Right. so but the beauty of policies lies in that you can can design one policy that should be applicable on premises and in the cloud, do these solutions that you've looked at also make sure that there is a centralized management, butthe decision made wherever is required?

Absolutely. So what the solutions do is provide that central place for the policies to be created and modified and when they're no longer needed removed, but the actual system now looks after that deployment. So the beauty of it is the developer known no longer needs to know. I now want to put that little solution for an API at that point in that particular cloud service, the solution does that. So all the developer needs to do is say, oh, OK, we're going to now add this component to our policy. So this for instance, say, I have a policy that provides access to a text editor for my journalists. OK, well now I want to add to that policy now I want to say, well, now that's only Monday to Friday, OK, we want to avoid any potential issues we might have on the weekend. So I'm not going to add a context variable to my to my policy, the policy that I'm designing. As soon as I've done that, I just have to press the publish and now the platform feeds that policy or decision to wherever that's needed within my cloud native environment. So it does provide that control, if you like, and the ability to manage deployments for in a cloud native environment.

So that really sounds like a more modern approach to managing entitlements in general. If we look at the market, has it grown? Are there new players in the field? And what has happened when you look at the individual vendors?

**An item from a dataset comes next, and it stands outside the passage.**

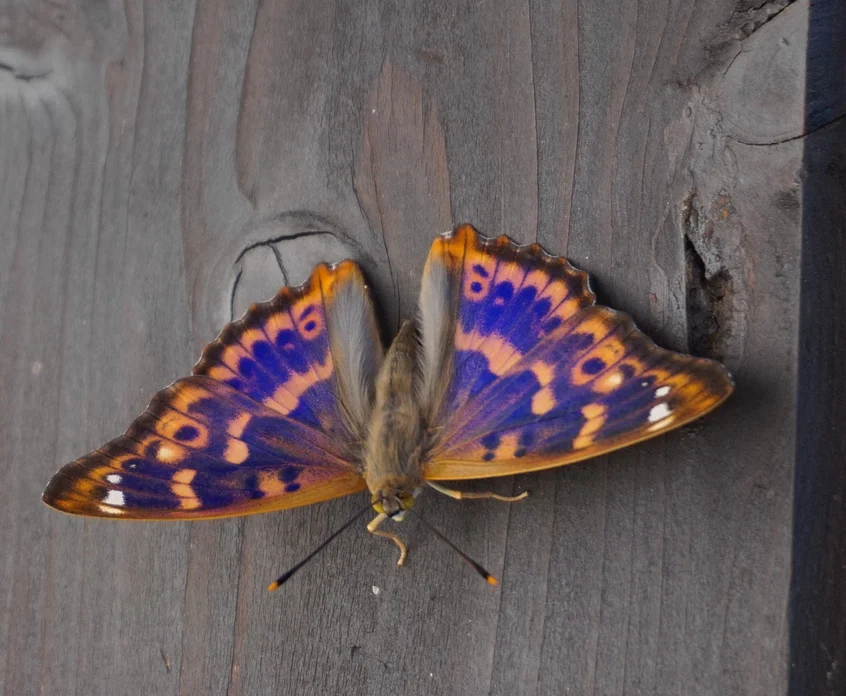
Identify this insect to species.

The market's grown exponentially over the last two years. We have vendors that basically, you know, because there wasn't the cloud native requirement so many years ago as that requirement has come up, but especially being driven by the market, the market is saying we can't afford a monolithic cloud deployment because it costs too much and it doesn't scale. What we need to now do is move to a two to a containerized or a microservices environment in order to get that agility that we need in our deployments. As soon as you say that a standard approach that we were quite happy with two years ago is found wanting. So we have no choice but to move into a situation where we are using a modern Policy Access Management solution

Right. So, I've mentioned already, this market complex has just been published. So if anybody's interested, please go to our website, kuppingercole.com and look for PBAM as you said. So the acronym should lead you to the right document. And there's the EIC coming up. Will there be some some sessions around that topic as well?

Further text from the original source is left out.